**Problem description**
Going through the data below, copy out each line where the word "ground" shows up.

Segment Open

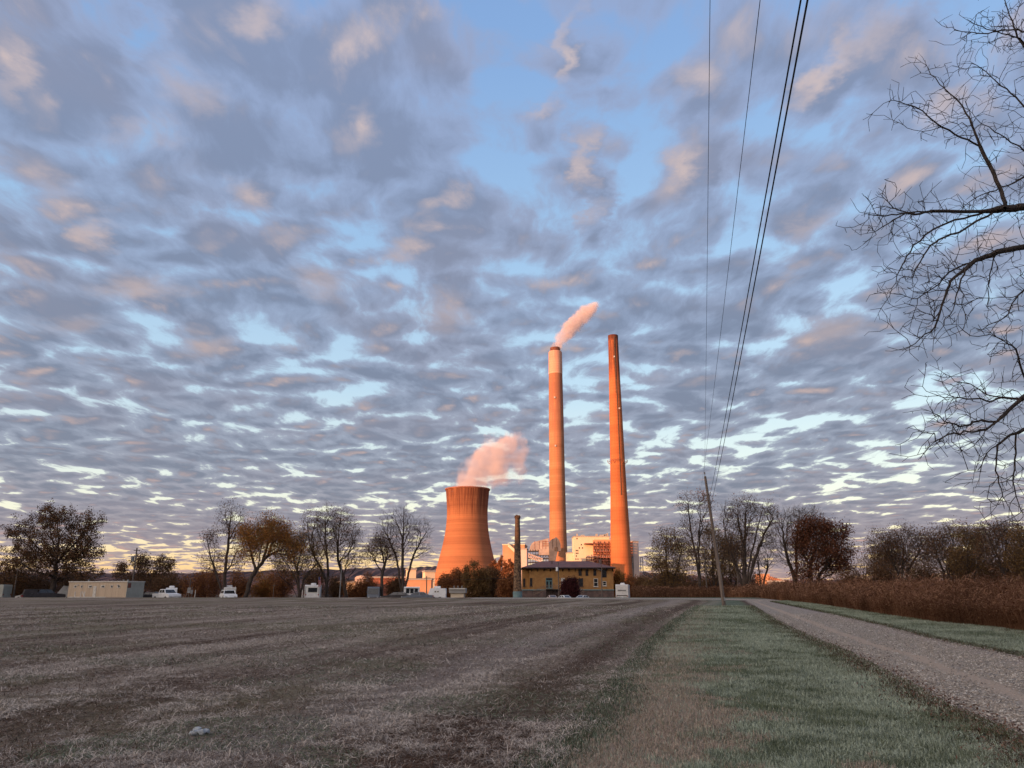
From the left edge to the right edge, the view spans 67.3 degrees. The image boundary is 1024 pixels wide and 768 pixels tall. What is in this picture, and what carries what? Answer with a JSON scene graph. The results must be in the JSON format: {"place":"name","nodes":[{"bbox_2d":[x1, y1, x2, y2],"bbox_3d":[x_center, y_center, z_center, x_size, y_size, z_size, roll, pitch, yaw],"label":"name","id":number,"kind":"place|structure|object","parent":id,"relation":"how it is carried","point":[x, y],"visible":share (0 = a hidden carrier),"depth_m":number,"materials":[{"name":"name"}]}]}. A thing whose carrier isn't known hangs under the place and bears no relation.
{"place":"outdoors","nodes":[
{"label":"outdoors","id":0,"kind":"place"},
{"bbox_2d":[20,589,65,596],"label":"parked car","id":1,"kind":"object","parent":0,"point":[38,593],"visible":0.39,"depth_m":119.57,"materials":[{"name":"paint"}]},
{"bbox_2d":[182,594,482,596],"bbox_3d":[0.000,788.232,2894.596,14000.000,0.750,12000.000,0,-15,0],"label":"ground","id":2,"kind":"structure","parent":0,"point":[293,595],"depth_m":625.38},
{"bbox_2d":[3,567,67,596],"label":"shrub","id":3,"kind":"object","parent":2,"relation":"on","point":[37,583],"visible":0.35,"depth_m":128.35,"materials":[{"name":"brown plant"}]},
{"bbox_2d":[0,498,107,591],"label":"autumn tree","id":4,"kind":"object","parent":2,"relation":"on","point":[76,555],"visible":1,"depth_m":124.70,"materials":[{"name":"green plant"}]},
{"bbox_2d":[58,586,68,596],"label":"camper","id":5,"kind":"object","parent":2,"relation":"on","point":[63,589],"visible":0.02,"depth_m":127.48,"materials":[{"name":"white paint"}]},
{"bbox_2d":[46,565,98,591],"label":"shrub","id":6,"kind":"object","parent":2,"relation":"on","point":[65,583],"visible":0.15,"depth_m":134.99,"materials":[{"name":"brown plant"}]},
{"bbox_2d":[131,548,139,580],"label":"utility pole","id":7,"kind":"object","parent":2,"relation":"on","point":[133,557],"visible":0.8,"depth_m":129.54,"materials":[{"name":"brown wood"}]},
{"bbox_2d":[112,549,182,593],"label":"autumn tree","id":8,"kind":"object","parent":2,"relation":"on","point":[143,565],"visible":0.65,"depth_m":145.49,"materials":[{"name":"brown plant"}]},
{"bbox_2d":[144,567,190,596],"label":"shrub","id":9,"kind":"object","parent":2,"relation":"on","point":[164,583],"visible":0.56,"depth_m":134.41,"materials":[{"name":"brown plant"}]},
{"bbox_2d":[177,568,213,596],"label":"shrub","id":10,"kind":"object","parent":2,"relation":"on","point":[201,584],"visible":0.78,"depth_m":132.94,"materials":[{"name":"brown plant"}]},
{"bbox_2d":[198,564,226,596],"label":"shrub","id":11,"kind":"object","parent":2,"relation":"on","point":[213,582],"visible":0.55,"depth_m":137.97,"materials":[{"name":"brown plant"}]},
{"bbox_2d":[191,498,255,590],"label":"bare tree","id":12,"kind":"object","parent":2,"relation":"on","point":[212,561],"visible":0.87,"depth_m":124.23,"materials":[{"name":"brown plant"}]},
{"bbox_2d":[227,567,255,596],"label":"shrub","id":13,"kind":"object","parent":2,"relation":"on","point":[240,585],"visible":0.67,"depth_m":133.95,"materials":[{"name":"brown plant"}]},
{"bbox_2d":[246,565,274,596],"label":"shrub","id":14,"kind":"object","parent":2,"relation":"on","point":[259,592],"visible":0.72,"depth_m":138.59,"materials":[{"name":"brown plant"}]},
{"bbox_2d":[253,580,283,596],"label":"shrub","id":15,"kind":"object","parent":2,"relation":"on","point":[267,589],"visible":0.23,"depth_m":138.62,"materials":[{"name":"brown plant"}]},
{"bbox_2d":[230,508,309,596],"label":"autumn tree","id":16,"kind":"object","parent":2,"relation":"on","point":[273,534],"visible":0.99,"depth_m":120.90,"materials":[{"name":"brown plant"}]},
{"bbox_2d":[265,563,299,596],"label":"shrub","id":17,"kind":"object","parent":2,"relation":"on","point":[281,583],"visible":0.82,"depth_m":134.94,"materials":[{"name":"brown plant"}]},
{"bbox_2d":[265,527,335,596],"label":"bare tree","id":18,"kind":"object","parent":2,"relation":"on","point":[301,562],"visible":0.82,"depth_m":122.58,"materials":[{"name":"brown plant"}]},
{"bbox_2d":[300,565,329,596],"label":"shrub","id":19,"kind":"object","parent":2,"relation":"on","point":[312,578],"visible":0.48,"depth_m":136.07,"materials":[{"name":"brown plant"}]},
{"bbox_2d":[298,500,346,596],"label":"bare tree","id":20,"kind":"object","parent":2,"relation":"on","point":[321,529],"visible":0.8,"depth_m":127.64,"materials":[{"name":"brown plant"}]},
{"bbox_2d":[324,571,348,596],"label":"shrub","id":21,"kind":"object","parent":2,"relation":"on","point":[334,584],"visible":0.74,"depth_m":140.51,"materials":[{"name":"brown plant"}]},
{"bbox_2d":[326,504,365,596],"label":"bare tree","id":22,"kind":"object","parent":2,"relation":"on","point":[338,551],"visible":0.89,"depth_m":129.06,"materials":[{"name":"brown plant"}]},
{"bbox_2d":[340,577,372,596],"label":"shrub","id":23,"kind":"object","parent":2,"relation":"on","point":[357,592],"visible":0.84,"depth_m":136.26,"materials":[{"name":"brown plant"}]},
{"bbox_2d":[358,568,378,596],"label":"shrub","id":24,"kind":"object","parent":2,"relation":"on","point":[371,581],"visible":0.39,"depth_m":138.26,"materials":[{"name":"brown plant"}]},
{"bbox_2d":[354,530,407,595],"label":"bare tree","id":25,"kind":"object","parent":2,"relation":"on","point":[376,543],"visible":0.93,"depth_m":124.77,"materials":[{"name":"brown plant"}]},
{"bbox_2d":[371,576,405,595],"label":"industrial building","id":26,"kind":"structure","parent":2,"relation":"on","point":[384,583],"depth_m":523.25,"materials":[{"name":"concrete"}]},
{"bbox_2d":[383,571,409,594],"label":"shrub","id":27,"kind":"object","parent":2,"relation":"on","point":[392,586],"visible":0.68,"depth_m":132.92,"materials":[{"name":"brown plant"}]},
{"bbox_2d":[367,504,437,591],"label":"bare tree","id":28,"kind":"object","parent":2,"relation":"on","point":[401,583],"visible":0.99,"depth_m":124.47,"materials":[{"name":"brown plant"}]},
{"bbox_2d":[405,568,416,577],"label":"industrial building","id":29,"kind":"structure","parent":2,"relation":"on","point":[412,573],"depth_m":466.43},
{"bbox_2d":[404,587,419,594],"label":"camper","id":30,"kind":"object","parent":2,"relation":"on","point":[409,590],"visible":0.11,"depth_m":122.18,"materials":[{"name":"white paint"}]},
{"bbox_2d":[405,578,433,593],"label":"industrial building","id":31,"kind":"structure","parent":2,"relation":"on","point":[420,583],"depth_m":425.93,"materials":[{"name":"concrete"}]},
{"bbox_2d":[422,570,435,587],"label":"industrial building","id":32,"kind":"structure","parent":2,"relation":"on","point":[429,573],"depth_m":456.30,"materials":[{"name":"concrete"}]},
{"bbox_2d":[433,571,458,596],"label":"shrub","id":33,"kind":"object","parent":2,"relation":"on","point":[445,582],"visible":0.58,"depth_m":221.56,"materials":[{"name":"brown plant"}]},
{"bbox_2d":[449,586,466,596],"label":"industrial building","id":34,"kind":"structure","parent":2,"relation":"on","point":[458,592],"depth_m":192.78,"materials":[{"name":"concrete"}]},
{"bbox_2d":[450,567,471,595],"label":"shrub","id":35,"kind":"object","parent":2,"relation":"on","point":[457,572],"visible":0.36,"depth_m":231.69,"materials":[{"name":"brown plant"}]},
{"bbox_2d":[435,486,493,585],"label":"cooling tower","id":36,"kind":"structure","parent":2,"relation":"on","point":[466,537],"depth_m":866.92,"materials":[{"name":"concrete"}]},
{"bbox_2d":[458,558,494,596],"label":"shrub","id":37,"kind":"object","parent":2,"relation":"on","point":[477,585],"visible":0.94,"depth_m":216.84,"materials":[{"name":"green plant"}]},
{"bbox_2d":[481,563,501,596],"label":"shrub","id":38,"kind":"object","parent":2,"relation":"on","point":[495,572],"visible":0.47,"depth_m":223.45,"materials":[{"name":"brown plant"}]},
{"bbox_2d":[489,559,503,586],"bbox_3d":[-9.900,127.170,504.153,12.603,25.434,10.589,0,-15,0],"label":"shrub","id":39,"kind":"object","parent":2,"relation":"on","point":[495,563],"visible":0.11,"depth_m":506.01,"materials":[{"name":"brown plant"}]},
{"bbox_2d":[494,573,513,596],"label":"shrub","id":40,"kind":"object","parent":2,"relation":"on","point":[505,588],"visible":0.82,"depth_m":206.66,"materials":[{"name":"brown plant"}]},
{"bbox_2d":[497,555,513,577],"bbox_3d":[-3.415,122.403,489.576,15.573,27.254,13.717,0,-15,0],"label":"shrub","id":41,"kind":"object","parent":2,"relation":"on","point":[508,567],"visible":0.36,"depth_m":489.99,"materials":[{"name":"brown plant"}]},
{"bbox_2d":[502,544,527,570],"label":"industrial building","id":42,"kind":"structure","parent":2,"relation":"on","point":[508,551],"depth_m":684.86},
{"bbox_2d":[513,515,521,596],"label":"brick stack","id":43,"kind":"object","parent":2,"relation":"on","point":[517,588],"visible":0.87,"depth_m":184.59,"materials":[{"name":"brick"}]},
{"bbox_2d":[521,548,528,578],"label":"industrial building","id":44,"kind":"structure","parent":2,"relation":"on","point":[524,556],"depth_m":664.14,"materials":[{"name":"concrete"}]},
{"bbox_2d":[528,537,560,562],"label":"flue duct","id":45,"kind":"object","parent":2,"relation":"on","point":[546,547],"visible":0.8,"depth_m":826.86,"materials":[{"name":"metal"}]},
{"bbox_2d":[549,346,566,560],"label":"chimney","id":46,"kind":"object","parent":2,"relation":"on","point":[557,525],"visible":0.84,"depth_m":902.57,"materials":[{"name":"concrete"}]},
{"bbox_2d":[521,559,615,596],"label":"brick house","id":47,"kind":"structure","parent":2,"relation":"on","point":[539,579],"depth_m":193.99,"materials":[{"name":"yellow brick"}]},
{"bbox_2d":[546,578,551,588],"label":"door","id":48,"kind":"structure","parent":47,"relation":"in","point":[548,580],"depth_m":193.51,"materials":[{"name":"teal paint"}]},
{"bbox_2d":[566,552,572,560],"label":"industrial building","id":49,"kind":"structure","parent":2,"relation":"on","point":[569,556],"depth_m":781.64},
{"bbox_2d":[558,575,582,596],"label":"shrub","id":50,"kind":"object","parent":2,"relation":"on","point":[570,587],"visible":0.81,"depth_m":178.77,"materials":[{"name":"red plant"}]},
{"bbox_2d":[571,533,610,565],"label":"boiler house","id":51,"kind":"structure","parent":2,"relation":"on","point":[595,548],"depth_m":771.36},
{"bbox_2d":[613,567,625,596],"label":"shrub","id":52,"kind":"object","parent":2,"relation":"on","point":[617,578],"visible":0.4,"depth_m":202.86,"materials":[{"name":"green plant"}]},
{"bbox_2d":[607,334,632,592],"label":"chimney","id":53,"kind":"object","parent":2,"relation":"on","point":[621,558],"visible":0.98,"depth_m":766.76,"materials":[{"name":"concrete"}]},
{"bbox_2d":[615,583,629,596],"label":"travel trailer","id":54,"kind":"object","parent":2,"relation":"on","point":[622,589],"visible":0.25,"depth_m":142.06,"materials":[{"name":"metal"}]},
{"bbox_2d":[621,573,642,596],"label":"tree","id":55,"kind":"object","parent":2,"relation":"on","point":[628,580],"visible":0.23,"depth_m":193.18,"materials":[{"name":"brown plant"}]},
{"bbox_2d":[630,541,633,576],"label":"steel stair tower","id":56,"kind":"structure","parent":2,"relation":"on","point":[632,557],"depth_m":919.37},
{"bbox_2d":[630,541,639,577],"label":"industrial building","id":57,"kind":"structure","parent":2,"relation":"on","point":[635,558],"depth_m":927.36,"materials":[{"name":"metal"}]},
{"bbox_2d":[630,572,655,593],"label":"shrub","id":58,"kind":"object","parent":2,"relation":"on","point":[636,583],"visible":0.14,"depth_m":183.52,"materials":[{"name":"brown plant"}]},
{"bbox_2d":[636,525,712,587],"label":"autumn tree","id":59,"kind":"object","parent":2,"relation":"on","point":[672,581],"visible":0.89,"depth_m":131.17,"materials":[{"name":"brown plant"}]},
{"bbox_2d":[673,487,719,588],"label":"bare tree","id":60,"kind":"object","parent":2,"relation":"on","point":[695,554],"visible":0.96,"depth_m":116.20,"materials":[{"name":"brown plant"}]},
{"bbox_2d":[690,524,746,585],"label":"autumn tree","id":61,"kind":"object","parent":2,"relation":"on","point":[712,554],"visible":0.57,"depth_m":136.16,"materials":[{"name":"brown plant"}]},
{"bbox_2d":[703,535,766,586],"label":"autumn tree","id":62,"kind":"object","parent":2,"relation":"on","point":[752,577],"visible":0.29,"depth_m":141.24,"materials":[{"name":"brown plant"}]},
{"bbox_2d":[755,574,791,583],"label":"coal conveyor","id":63,"kind":"object","parent":2,"relation":"on","point":[768,576],"visible":0.23,"depth_m":503.87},
{"bbox_2d":[0,597,707,767],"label":"field","id":64,"kind":"structure","parent":0,"point":[311,603],"depth_m":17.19,"materials":[{"name":"plant"}]},
{"bbox_2d":[0,585,12,596],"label":"cargo trailer","id":65,"kind":"object","parent":64,"relation":"on","point":[5,590],"visible":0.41,"depth_m":119.28,"materials":[{"name":"grey"}]},
{"bbox_2d":[67,579,144,596],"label":"site office","id":66,"kind":"structure","parent":64,"relation":"on","point":[123,588],"depth_m":118.33,"materials":[{"name":"beige"}]},
{"bbox_2d":[152,589,180,596],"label":"parked pickup","id":67,"kind":"object","parent":64,"relation":"on","point":[167,593],"visible":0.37,"depth_m":119.72,"materials":[{"name":"white paint"}]},
{"bbox_2d":[189,726,209,735],"bbox_3d":[-3.436,3.833,8.482,0.215,0.088,0.180,0,-15,0],"label":"frosted clump","id":68,"kind":"object","parent":64,"relation":"on","point":[200,731],"visible":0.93,"depth_m":8.42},
{"bbox_2d":[219,590,236,596],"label":"parked car","id":69,"kind":"object","parent":64,"relation":"on","point":[227,593],"visible":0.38,"depth_m":116.74,"materials":[{"name":"white paint"}]},
{"bbox_2d":[305,583,321,596],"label":"travel trailer","id":70,"kind":"object","parent":64,"relation":"on","point":[313,590],"visible":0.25,"depth_m":119.06,"materials":[{"name":"metal"}]},
{"bbox_2d":[366,587,379,596],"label":"trailer","id":71,"kind":"object","parent":64,"relation":"on","point":[372,591],"visible":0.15,"depth_m":120.05,"materials":[{"name":"grey paint"}]},
{"bbox_2d":[380,592,407,596],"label":"parked car","id":72,"kind":"object","parent":64,"relation":"on","point":[397,594],"visible":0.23,"depth_m":117.35,"materials":[{"name":"paint"}]},
{"bbox_2d":[401,592,433,596],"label":"parked car","id":73,"kind":"object","parent":64,"relation":"on","point":[419,594],"visible":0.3,"depth_m":116.39,"materials":[{"name":"grey paint"}]},
{"bbox_2d":[428,586,446,596],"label":"travel trailer","id":74,"kind":"object","parent":64,"relation":"on","point":[437,591],"visible":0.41,"depth_m":118.75,"materials":[{"name":"white paint"}]},
{"bbox_2d":[0,566,954,593],"bbox_3d":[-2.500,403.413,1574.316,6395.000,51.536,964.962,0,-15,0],"label":"wooded hills","id":75,"kind":"structure","parent":0,"point":[361,572],"depth_m":1347.32,"materials":[{"name":"plant"}]},
{"bbox_2d":[0,0,1023,579],"label":"sky","id":76,"kind":"structure","parent":0,"point":[287,257],"materials":[{"name":"blue"}]},
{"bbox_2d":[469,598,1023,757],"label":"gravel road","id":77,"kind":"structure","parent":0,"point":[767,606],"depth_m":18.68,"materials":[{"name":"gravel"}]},
{"bbox_2d":[751,610,1023,767],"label":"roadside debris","id":78,"kind":"object","parent":77,"relation":"on","point":[979,729],"visible":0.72,"depth_m":10.49,"materials":[{"name":"gravel"}]},
{"bbox_2d":[472,597,1023,767],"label":"grass verge","id":79,"kind":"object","parent":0,"point":[728,602],"depth_m":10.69,"materials":[{"name":"plant"}]},
{"bbox_2d":[704,472,725,604],"bbox_3d":[16.236,12.418,61.786,1.214,10.735,0.370,0,-15,0],"label":"utility pole","id":80,"kind":"object","parent":79,"relation":"on","point":[716,553],"visible":0.91,"depth_m":61.55,"materials":[{"name":"brown wood"}]},
{"bbox_2d":[704,23,709,471],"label":"overhead wire","id":81,"kind":"object","parent":80,"relation":"attached to","point":[708,166],"visible":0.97,"depth_m":16.46,"materials":[{"name":"metal"}]},
{"bbox_2d":[702,2,759,478],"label":"overhead wire","id":82,"kind":"object","parent":80,"relation":"attached to","point":[738,185],"visible":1,"depth_m":15.57,"materials":[{"name":"metal"}]},
{"bbox_2d":[709,0,801,497],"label":"overhead wire","id":83,"kind":"object","parent":80,"relation":"attached to","point":[766,188],"visible":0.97,"depth_m":12.20,"materials":[{"name":"metal"}]},
{"bbox_2d":[711,0,808,502],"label":"overhead wire","id":84,"kind":"object","parent":80,"relation":"attached to","point":[804,16],"visible":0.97,"depth_m":11.87,"materials":[{"name":"metal"}]},
{"bbox_2d":[473,597,1023,656],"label":"roadside grass","id":85,"kind":"structure","parent":0,"point":[864,616],"depth_m":28.73,"materials":[{"name":"plant"}]},
{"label":"rough ground","id":86,"kind":"structure","parent":0,"visible":0},
{"bbox_2d":[630,583,741,596],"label":"brush belt","id":87,"kind":"object","parent":86,"relation":"on","point":[677,591],"visible":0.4,"depth_m":112.29,"materials":[{"name":"plant"}]},
{"bbox_2d":[717,489,785,587],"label":"bare tree","id":88,"kind":"object","parent":86,"relation":"on","point":[745,579],"visible":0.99,"depth_m":109.88,"materials":[{"name":"brown plant"}]},
{"bbox_2d":[748,549,780,585],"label":"bare tree","id":89,"kind":"object","parent":86,"relation":"on","point":[766,563],"visible":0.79,"depth_m":112.74,"materials":[{"name":"brown plant"}]},
{"bbox_2d":[763,502,829,582],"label":"bare tree","id":90,"kind":"object","parent":86,"relation":"on","point":[785,550],"visible":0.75,"depth_m":108.09,"materials":[{"name":"brown plant"}]},
{"bbox_2d":[785,510,865,583],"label":"autumn tree","id":91,"kind":"object","parent":86,"relation":"on","point":[806,539],"visible":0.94,"depth_m":102.07,"materials":[{"name":"brown plant"}]},
{"bbox_2d":[833,567,869,582],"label":"shrub","id":92,"kind":"object","parent":86,"relation":"on","point":[851,576],"visible":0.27,"depth_m":96.65,"materials":[{"name":"brown plant"}]},
{"bbox_2d":[849,555,871,576],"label":"bare tree","id":93,"kind":"object","parent":86,"relation":"on","point":[858,560],"visible":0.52,"depth_m":97.37,"materials":[{"name":"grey plant"}]},
{"bbox_2d":[727,564,1023,630],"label":"reed bed","id":94,"kind":"object","parent":86,"relation":"on","point":[985,602],"visible":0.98,"depth_m":37.53,"materials":[{"name":"plant"}]},
{"bbox_2d":[859,559,900,584],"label":"shrub","id":95,"kind":"object","parent":86,"relation":"on","point":[878,573],"visible":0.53,"depth_m":81.17,"materials":[{"name":"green plant"}]},
{"bbox_2d":[856,544,918,576],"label":"autumn tree","id":96,"kind":"object","parent":86,"relation":"on","point":[871,560],"visible":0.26,"depth_m":93.34,"materials":[{"name":"brown plant"}]},
{"bbox_2d":[861,518,941,582],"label":"autumn tree","id":97,"kind":"object","parent":86,"relation":"on","point":[892,540],"visible":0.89,"depth_m":73.11,"materials":[{"name":"brown plant"}]},
{"bbox_2d":[895,557,940,583],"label":"shrub","id":98,"kind":"object","parent":86,"relation":"on","point":[921,572],"visible":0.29,"depth_m":77.16,"materials":[{"name":"brown plant"}]},
{"bbox_2d":[836,0,1023,541],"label":"bare tree","id":99,"kind":"object","parent":86,"relation":"on","point":[1005,207],"visible":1,"depth_m":18.42,"materials":[{"name":"brown plant"}]},
{"bbox_2d":[916,515,977,582],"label":"autumn tree","id":100,"kind":"object","parent":86,"relation":"on","point":[938,554],"visible":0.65,"depth_m":70.35,"materials":[{"name":"brown plant"}]},
{"bbox_2d":[927,562,976,583],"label":"shrub","id":101,"kind":"object","parent":86,"relation":"on","point":[950,575],"visible":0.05,"depth_m":73.61,"materials":[{"name":"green plant"}]},
{"bbox_2d":[943,518,1001,580],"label":"autumn tree","id":102,"kind":"object","parent":86,"relation":"on","point":[969,562],"visible":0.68,"depth_m":66.28,"materials":[{"name":"brown plant"}]},
{"bbox_2d":[966,554,1011,584],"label":"shrub","id":103,"kind":"object","parent":86,"relation":"on","point":[992,574],"visible":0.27,"depth_m":67.42,"materials":[{"name":"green plant"}]},
{"bbox_2d":[965,510,1023,581],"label":"bare tree","id":104,"kind":"object","parent":86,"relation":"on","point":[1003,536],"visible":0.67,"depth_m":60.64,"materials":[{"name":"brown plant"}]},
{"bbox_2d":[988,551,1023,586],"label":"shrub","id":105,"kind":"object","parent":86,"relation":"on","point":[1010,572],"visible":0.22,"depth_m":62.06,"materials":[{"name":"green plant"}]},
{"bbox_2d":[996,520,1023,582],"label":"autumn tree","id":106,"kind":"object","parent":86,"relation":"on","point":[1020,552],"visible":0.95,"depth_m":54.91,"materials":[{"name":"brown plant"}]},
{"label":"utility pole","id":107,"kind":"object","parent":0,"visible":0},
{"bbox_2d":[337,578,505,579],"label":"overhead wire","id":108,"kind":"object","parent":107,"relation":"attached to","point":[417,578],"visible":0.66,"depth_m":164.81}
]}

Segment Closed

**Written response**
{"bbox_2d":[182,594,482,596],"bbox_3d":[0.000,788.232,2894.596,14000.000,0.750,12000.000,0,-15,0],"label":"ground","id":2,"kind":"structure","parent":0,"point":[293,595],"depth_m":625.38},
{"label":"rough ground","id":86,"kind":"structure","parent":0,"visible":0},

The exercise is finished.